George Daniel Watters II was born in Rochester, New York on April 27, 1890. He was the son of George Daniel Watters I and his wife Nettie. His mother was a native of Des Moines, Iowa and was the daughter of German immigrants Charles Alexander and Louisa Boehler. His father was a musician and a native of Rochester, New York who held the post of organist at the St. Patrick's Cathedral in that city. His father moved to Des Moines after being appointed organist at St. Ambrose Cathedral. His father died in Denver, Colorado in late March 1890; a month before the birth of his son. His mother remarried to J. F. O'Neil.

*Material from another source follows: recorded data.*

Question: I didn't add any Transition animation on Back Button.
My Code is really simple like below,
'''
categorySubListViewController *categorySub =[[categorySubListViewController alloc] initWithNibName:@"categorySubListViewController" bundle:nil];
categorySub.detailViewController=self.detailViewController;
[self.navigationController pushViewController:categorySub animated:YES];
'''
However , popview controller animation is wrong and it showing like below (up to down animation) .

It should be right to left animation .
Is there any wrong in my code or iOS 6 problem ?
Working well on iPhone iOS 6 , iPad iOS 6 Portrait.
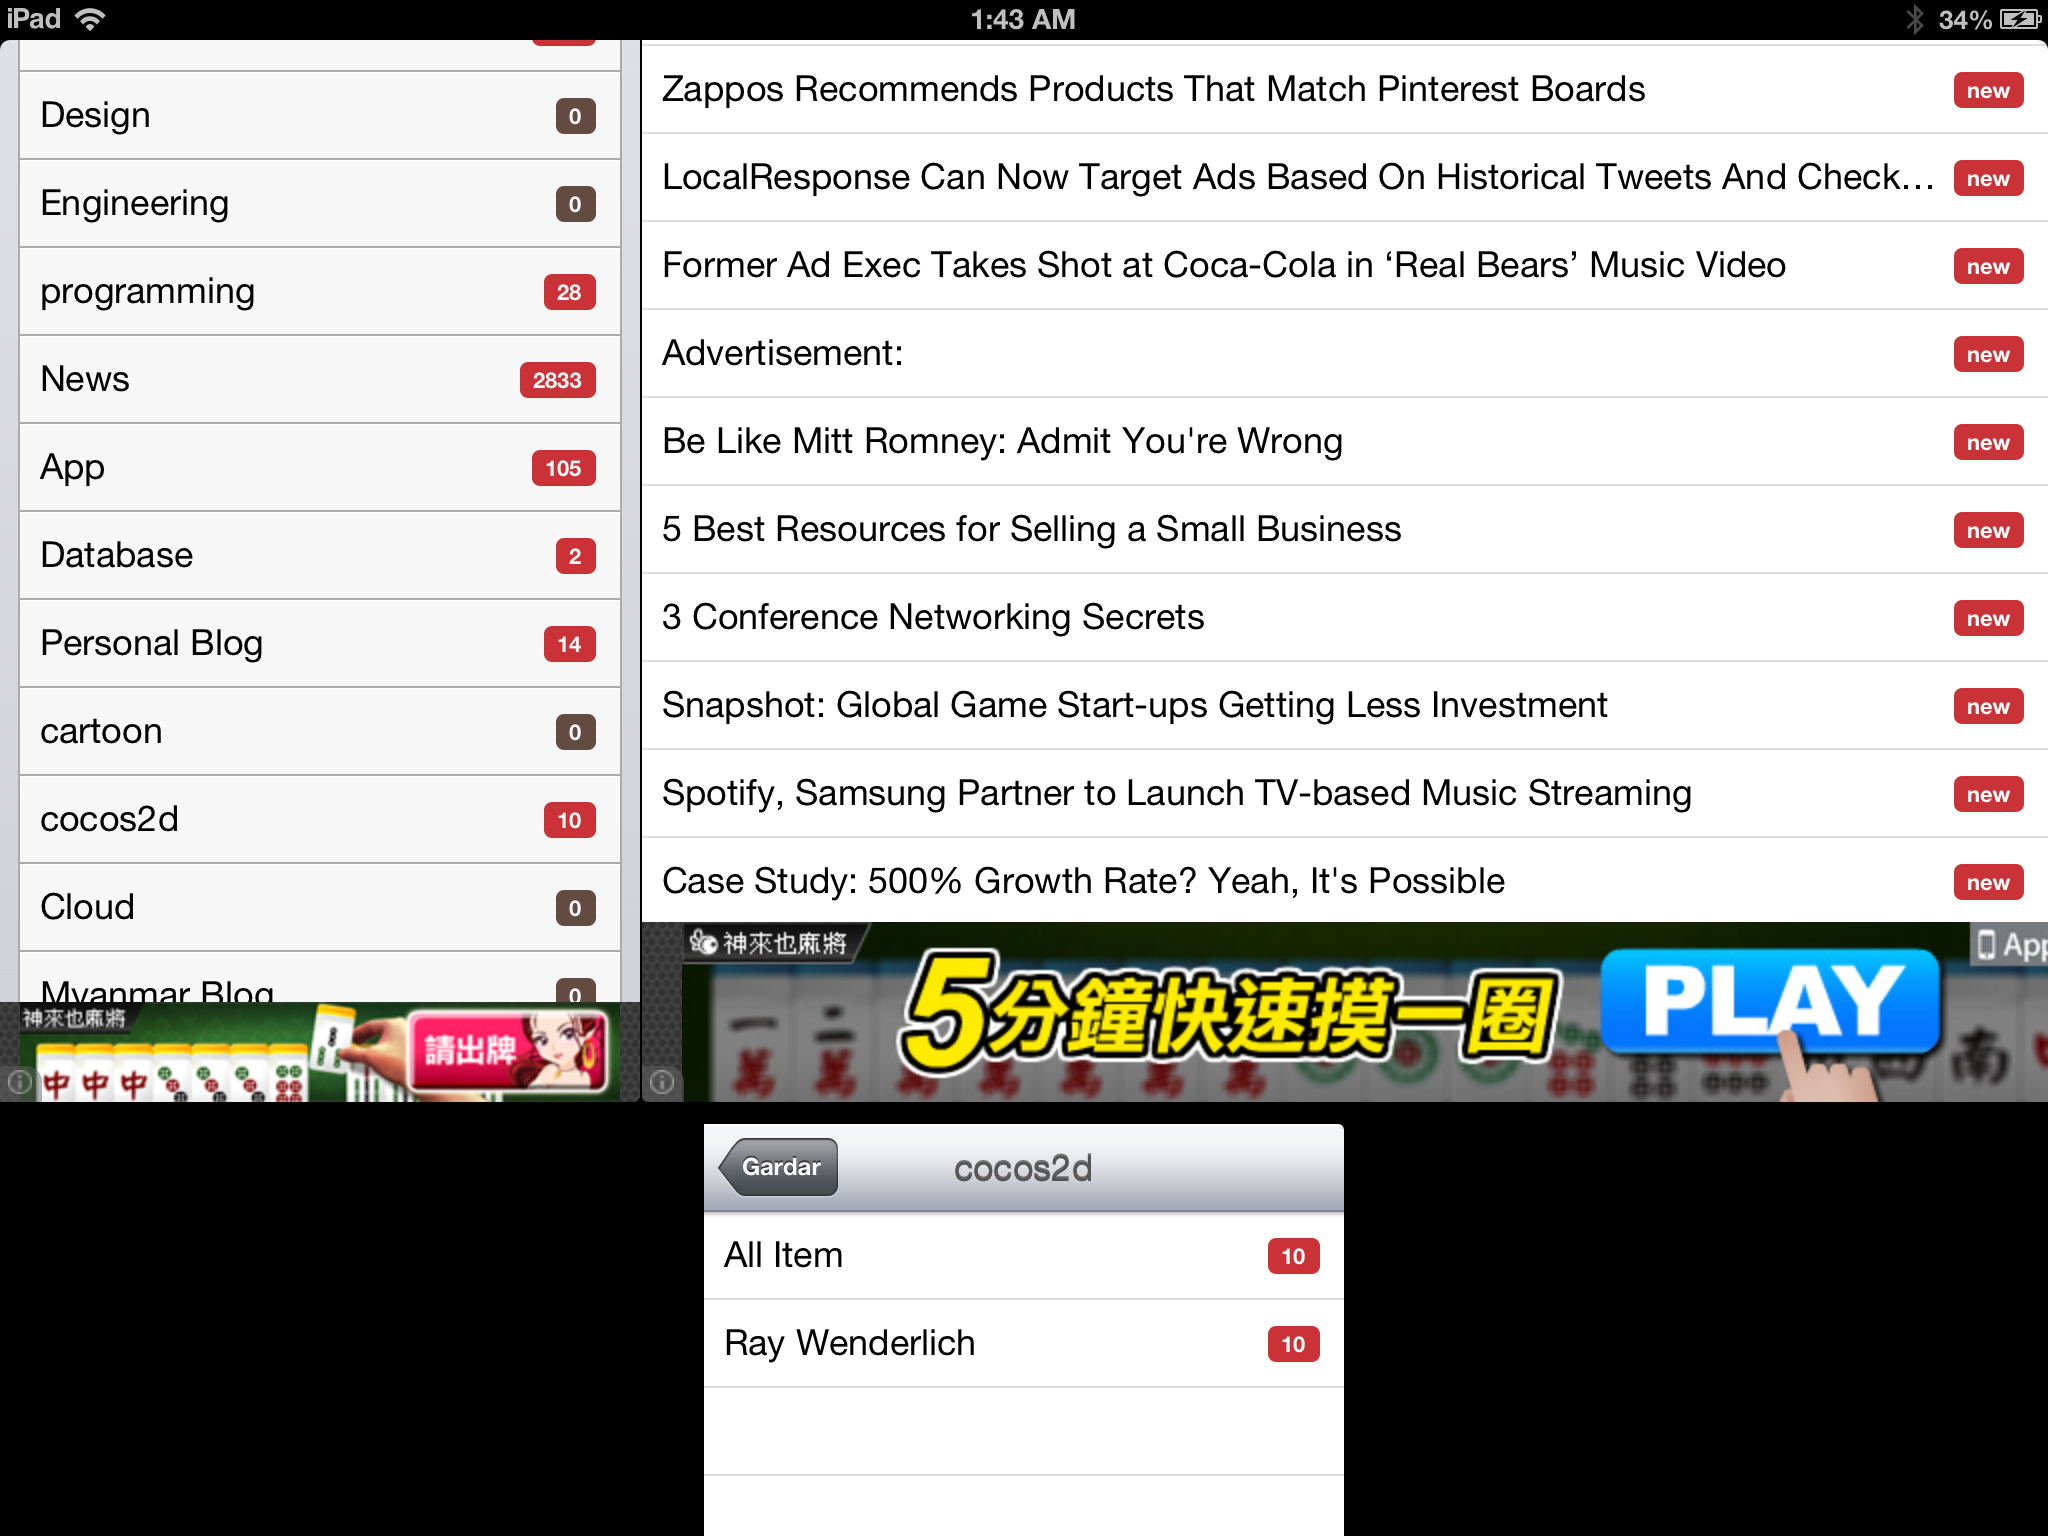
Answer: fixed.
The problem is
'''
- (NSUInteger)supportedInterfaceOrientations {
return UIInterfaceOrientationMaskPortrait;
}
'''
It should be
'''
- (NSUInteger)supportedInterfaceOrientations {
return UIInterfaceOrientationMaskAll;
}
'''

Watters was educated at schools in Des Moines. In 1908, at the age of 18, he began his professional career as manager of a touring theatre company led by the actor Lon Chaney that was performing the play The Royal Chel. He managed this company through 1910. He married his first wife, Cora Belle Beerse, on July 25, 1910, in Saint Paul, Minnesota.

After a brief period living in New York City, Watters became manager of the repertory theatre troupe, the Princess Stock Company, in Des Moines, Iowa which was then headlined by the actor Conrad Nagel. He was appointed manager of the Princess Theatre in Des Moines by its owners, Elbert & Getchell in 1911. His first wife filed for divorce in December 1913, and the marriage was dissolved on January 7, 1914. After the divorce, he briefly left Des Moines and his position at the Princess Theatre to become manager of the Jack Singer Stock Company for performances at the Columbia Theatre in Chicago and the Gaiety Theatre in Detroit; but by August 1914 he was once again back in his position managing the Princess Theatre.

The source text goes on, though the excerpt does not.